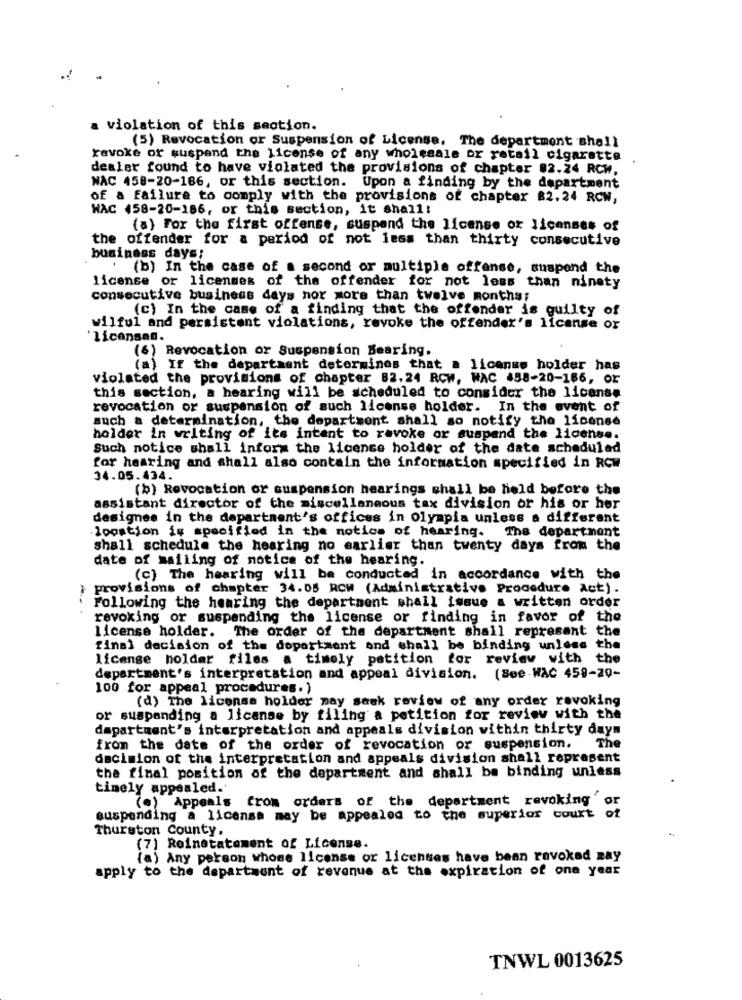
a violation of this section.
(5) Revocation or Suspension of License. The department shall
revoke or suspand the license of any wholesale or retail cigarette
dealer found to have violated the provisions of chapter 02.24 RCW.
WAC 458-20-186, or this section. Upon a finding by the department
of a failure to comply with the provisions of chapter 82.24 RCW,
WAC 458-20-186, or this section, it shall!
(a) For the first offense, suspend the license or licenses of
the offender for a period of not less than thirty consecutive
business days!
(b) In the case of a second or multiple offense, suspend the
license or licenses of the offender for not less than ninety
consecutive business days nor more than twelve months;
(c) In the case of a finding that the offender is guilty of
wilful and persistent violations, revoke the offender's license or
licensed.
(6) Revocation or Suspension Bearing.
(a) IF the department determines that a license holder has
violated the provisions of chapter 82,24 RCW, WAC 458-20-166, or
this section, a hearing will be scheduled to consider the license
revocation or suspension of such license holder. In the event of
such a determination, the department shall so notify the license
holder in writing of its intent to revoke or suspand the license.
Such notice shall inform the license holder of the date scheduled
for hearing and shall also contain the information specified in RCW
34.05.434.
(b) Revocation or suspension hearings shall be held before the
assistant director of the miscellaneous tax division or his or her
designes in the department's offices in Olympia unless a different
location is specified in the notice of hearing.
The department
shall schedule the hearing no earlier than twenty days from the
date of mailing of notice of the hearing.
(c) The hearing will be conducted in accordance with the
} provisions of chapter 34.05 ROW (Administrative Procedure Act).
Following the hearing the department shall issue a written order
revoking or suspending the license or finding in favor of the
license holder. The order of the department shall represent the
final decision of the department and shall be binding unless the
license holder files a timely petition for review with the
department's interpretation and appeal division. (See WAC 459-20-
100 for appeal procedures.)
(d) The license holder may seek review of any order revoking
or suspending a license by filing a petition for review with the
dapartment's interpretation and appeals division within thirty days
from the date of the order of revocation or suspension. The
decision of the interpretation and appeals division shall represent
the final position of the department and shall be binding unless
timely appealed.'
(a) Appeals from orders of the department revoking'
suspending a license may be appealed to the superior court
Thurston County.
(7) Reinstatement of License.
(a) Any person whose license or licenses have bean revoked may
apply to the department of revenue at the expiration of one year
TNWL 0013625
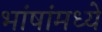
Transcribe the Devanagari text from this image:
भांषांमध्ये
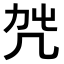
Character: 𠘿
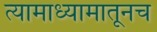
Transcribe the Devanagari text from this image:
त्यामाध्यामातूनच
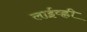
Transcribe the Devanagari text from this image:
लाईव्ह्ली
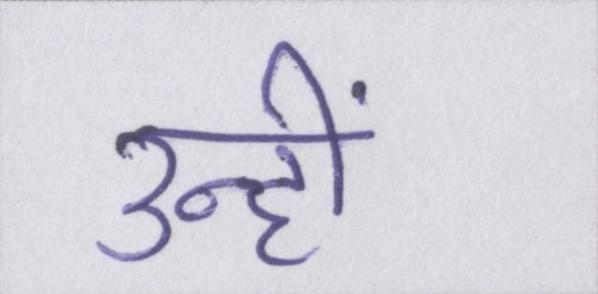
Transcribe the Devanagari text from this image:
उन्हीं
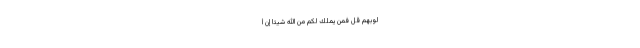
لُوبِهِمْ قُلْ فَمَنْ يَمْلِكُ لَكُمْ مِنَ اللَّهِ شَيْئًا إِنْ أ
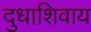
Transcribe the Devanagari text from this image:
दुधाशिवाय
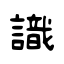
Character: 識
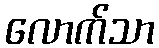
လောက်သာ

**What you will do:**
Every line where "section" appears must be returned from the listing above.

**Reply to the task:**
a violation of this section.
WAC 458-20-186, or this section. Upon a finding by the department
WAC 458-20-186, or this section, it shall!
this section, a hearing will be scheduled to consider the license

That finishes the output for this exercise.